Chromosome Mapping goes by many different terms in genetic genealogy. Chromosome mapping is also known as Chromosome painting, Some use Segment Mapping because this is really using matching segments. Others may simply generalize chromosome to DNA.
Unlike simple clustering of shared match lists, chromosome mapping requires you have the individual matching segments available for analysis. Very similar to how the Leeds method is a simplified, near term form of clustering; something called visual phasing was an early outgrowth of the spreadsheet segment analysis to create a visual method of grouping segments to particular grandparents.
Not all test companies provide the segments or a chromosome browser. 23andMe was the first we recall providing a chromosome browser tool for comparing the segment matches with multiple people. FTDNA) and others quickly followed. Ancestry is the major player where this form of match analysis cannot occur. Because they do not provide the segments used internally to determine the match lists. GEDMatch has long had a useful, more detailed chromosome browser that highlights half identical and full identical matching areas.
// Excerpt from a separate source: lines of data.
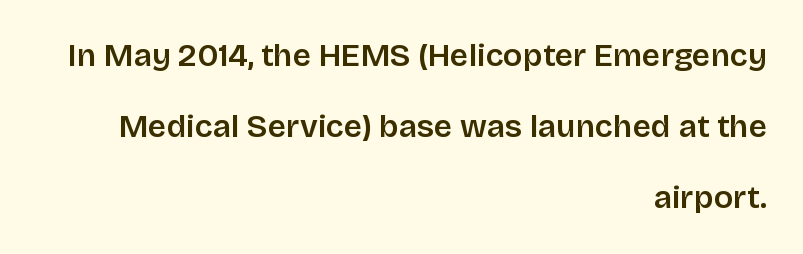
Inter-character spacing is left at the font's built-in metrics. Each letter keeps its own natural width here, so spacing adapts to shape. Does the copy run flush right? Yes — the right margin is perfectly even. The baseline area is clear. Leading: increased. Posture: vertical.
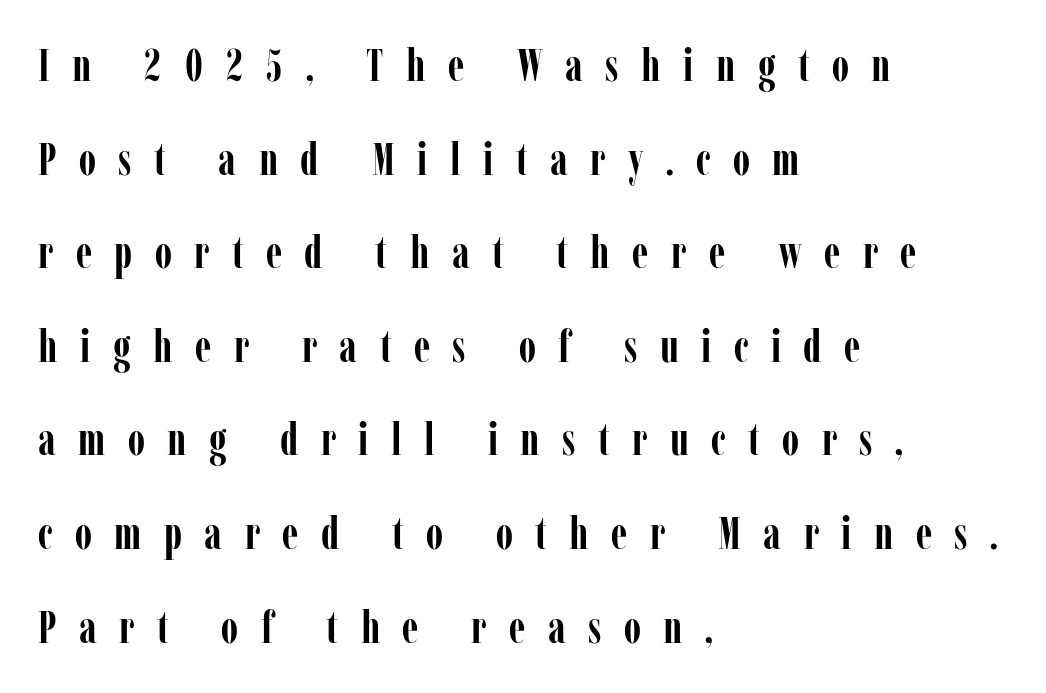
The image shows 45 px semibold, condensed serif type, upright; set left-aligned, loose line spacing (2.08x), unusually wide letter spacing (+0.5 em), not underlined; low stroke contrast and a medium x-height.
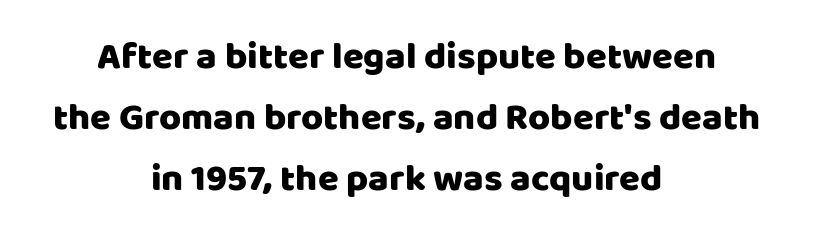
The tracking reads as untouched default to a designer's eye. The passage shown is typed in a proportional face where columns would drift. The font family rendered here belongs to the sans-serif group. This rendering features lettering with no underline. Both edges are ragged and mirror each other, which tells us the setting is centered. The typography opts for an upright posture over an oblique one.
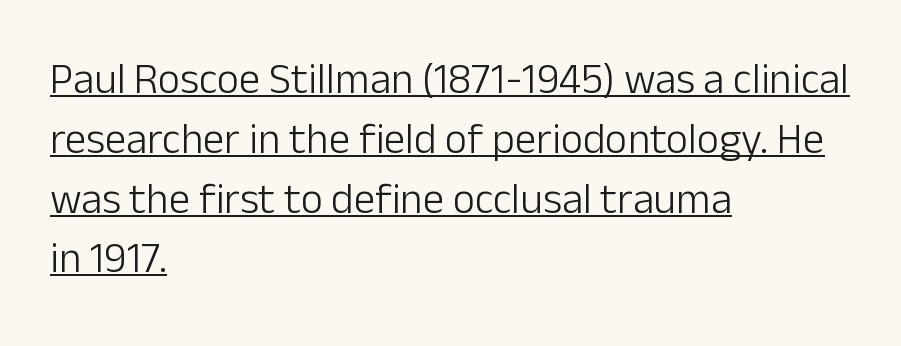
It's the straight-up-and-down kind of type. The passage shown is not bold in any degree. Check where the strokes stop: nothing finishes them off — pure sans. In designer terms, the underline attribute is active on this setting. Normally led — the rows are evenly, conventionally spaced.
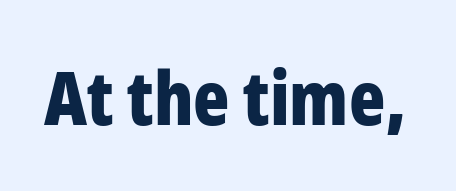
Q: Is the text bold? A: Yes.
Q: Is the text italic (slanted)? A: No, it is upright.
Q: Is the typeface a serif or a sans-serif typeface? A: Sans-serif.
Q: Is the text underlined? A: No.
Q: Is the spacing between letters normal or unusually wide? A: Normal.
Q: Width (condensed, normal, or wide)? A: Condensed.
Q: Stroke contrast? A: Low.
Q: x-height? A: Medium.
Q: Monospaced? A: No.

An important aspect to understand with segment match analysis is that the results we start with are unphased. See the page on half identical matching for an understanding of this. The results of particular SNPs tested come back as an unordered pair. One from each autosome but it is not known which value is from which. A phased value set is ordered. You know which value came from which parent. And thus the individual copies of each chromosome are determinable. With unphased data, it is difficult to determine the actual matching segment values and which parent (or copy of the autosome) it applies too.
There is an extreme form of this mapping termed inferred or deductive where, like in visual phasing, you merge sibling or similar very close match data. So you are using two different primary testers to compare with other matches. And then deducing unmatched segments to the opposite grandparent or ancestor. This can help fill in some gaps you may still have in your personal, primary map that you could not get otherwise.
Examples of Chromosome Browsing appear on the shared segment, segment matching and half identical pages. We have not included an example of Chromosome Mapping here yet.